Problem requirements: Print the whole listing again exactly as it stands, leaving out any images.

+++

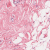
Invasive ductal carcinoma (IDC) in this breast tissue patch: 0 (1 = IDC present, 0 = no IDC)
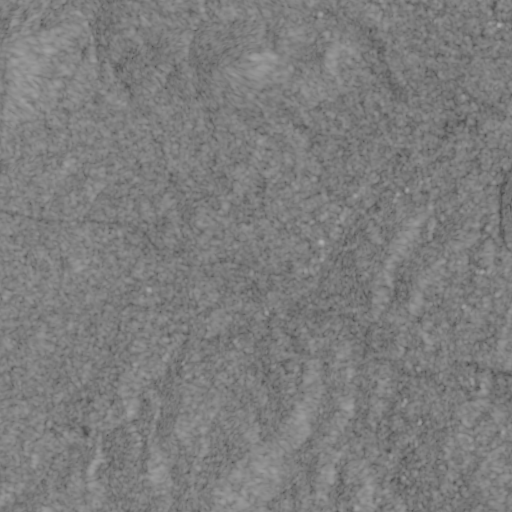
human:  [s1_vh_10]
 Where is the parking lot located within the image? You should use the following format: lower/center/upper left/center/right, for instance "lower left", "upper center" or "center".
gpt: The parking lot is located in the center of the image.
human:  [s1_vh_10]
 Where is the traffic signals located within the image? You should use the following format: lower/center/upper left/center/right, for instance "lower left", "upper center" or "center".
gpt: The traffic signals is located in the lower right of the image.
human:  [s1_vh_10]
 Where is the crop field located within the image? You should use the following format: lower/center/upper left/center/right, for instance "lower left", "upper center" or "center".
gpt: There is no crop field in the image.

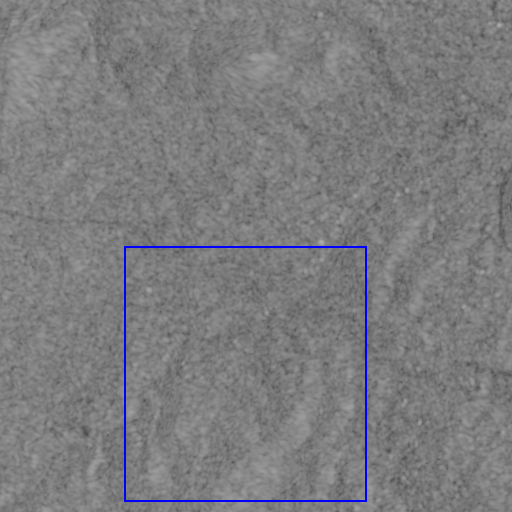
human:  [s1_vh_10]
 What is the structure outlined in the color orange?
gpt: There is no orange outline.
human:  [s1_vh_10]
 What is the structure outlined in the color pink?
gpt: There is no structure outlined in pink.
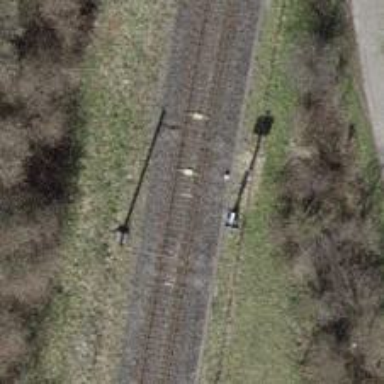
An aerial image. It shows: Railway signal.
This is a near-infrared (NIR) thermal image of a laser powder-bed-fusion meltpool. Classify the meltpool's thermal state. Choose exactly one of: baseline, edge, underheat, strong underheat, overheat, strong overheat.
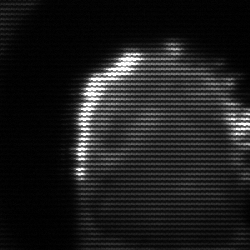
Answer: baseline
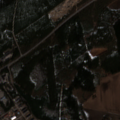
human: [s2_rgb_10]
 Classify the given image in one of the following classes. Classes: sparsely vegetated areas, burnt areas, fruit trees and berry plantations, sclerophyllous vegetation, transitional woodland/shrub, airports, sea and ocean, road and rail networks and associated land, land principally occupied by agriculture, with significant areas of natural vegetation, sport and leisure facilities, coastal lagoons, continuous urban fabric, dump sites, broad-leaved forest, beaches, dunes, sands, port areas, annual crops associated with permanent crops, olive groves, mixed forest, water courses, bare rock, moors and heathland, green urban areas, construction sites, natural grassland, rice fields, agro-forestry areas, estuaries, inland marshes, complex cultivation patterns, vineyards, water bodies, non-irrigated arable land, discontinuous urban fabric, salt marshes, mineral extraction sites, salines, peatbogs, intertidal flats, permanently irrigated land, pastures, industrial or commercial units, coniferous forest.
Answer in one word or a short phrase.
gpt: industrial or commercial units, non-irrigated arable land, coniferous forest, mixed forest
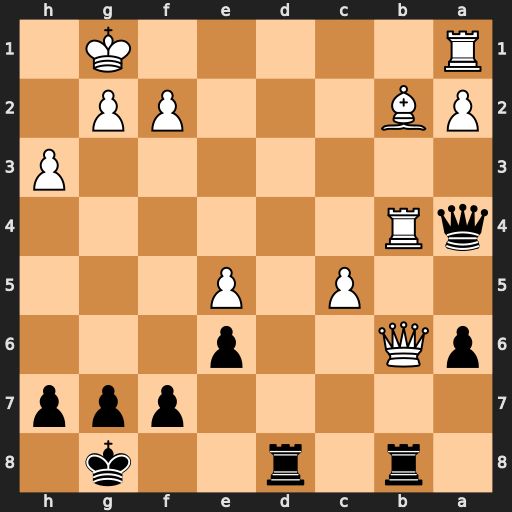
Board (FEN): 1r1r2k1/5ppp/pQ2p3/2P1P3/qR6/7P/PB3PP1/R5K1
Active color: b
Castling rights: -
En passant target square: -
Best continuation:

+++

Written solution:
Invasive ductal carcinoma (IDC) in this breast tissue patch: 0 (1 = IDC present, 0 = no IDC)
human:  [s1_vh_10]
 Where is the parking lot located within the image? You should use the following format: lower/center/upper left/center/right, for instance "lower left", "upper center" or "center".
gpt: The parking lot is located in the center of the image.
human:  [s1_vh_10]
 Where is the traffic signals located within the image? You should use the following format: lower/center/upper left/center/right, for instance "lower left", "upper center" or "center".
gpt: The traffic signals is located in the lower right of the image.
human:  [s1_vh_10]
 Where is the crop field located within the image? You should use the following format: lower/center/upper left/center/right, for instance "lower left", "upper center" or "center".
gpt: There is no crop field in the image.

human:  [s1_vh_10]
 What is the structure outlined in the color orange?
gpt: There is no orange outline.
human:  [s1_vh_10]
 What is the structure outlined in the color pink?
gpt: There is no structure outlined in pink.
An aerial image. It shows: Railway signal.
This is a near-infrared (NIR) thermal image of a laser powder-bed-fusion meltpool. Classify the meltpool's thermal state. Choose exactly one of: baseline, edge, underheat, strong underheat, overheat, strong overheat.
Answer: baseline
human: [s2_rgb_10]
 Classify the given image in one of the following classes. Classes: sparsely vegetated areas, burnt areas, fruit trees and berry plantations, sclerophyllous vegetation, transitional woodland/shrub, airports, sea and ocean, road and rail networks and associated land, land principally occupied by agriculture, with significant areas of natural vegetation, sport and leisure facilities, coastal lagoons, continuous urban fabric, dump sites, broad-leaved forest, beaches, dunes, sands, port areas, annual crops associated with permanent crops, olive groves, mixed forest, water courses, bare rock, moors and heathland, green urban areas, construction sites, natural grassland, rice fields, agro-forestry areas, estuaries, inland marshes, complex cultivation patterns, vineyards, water bodies, non-irrigated arable land, discontinuous urban fabric, salt marshes, mineral extraction sites, salines, peatbogs, intertidal flats, permanently irrigated land, pastures, industrial or commercial units, coniferous forest.
Answer in one word or a short phrase.
gpt: industrial or commercial units, non-irrigated arable land, coniferous forest, mixed forest
Board (FEN): 1r1r2k1/5ppp/pQ2p3/2P1P3/qR6/7P/PB3PP1/R5K1
Active color: b
Castling rights: -
En passant target square: -
Best continuation:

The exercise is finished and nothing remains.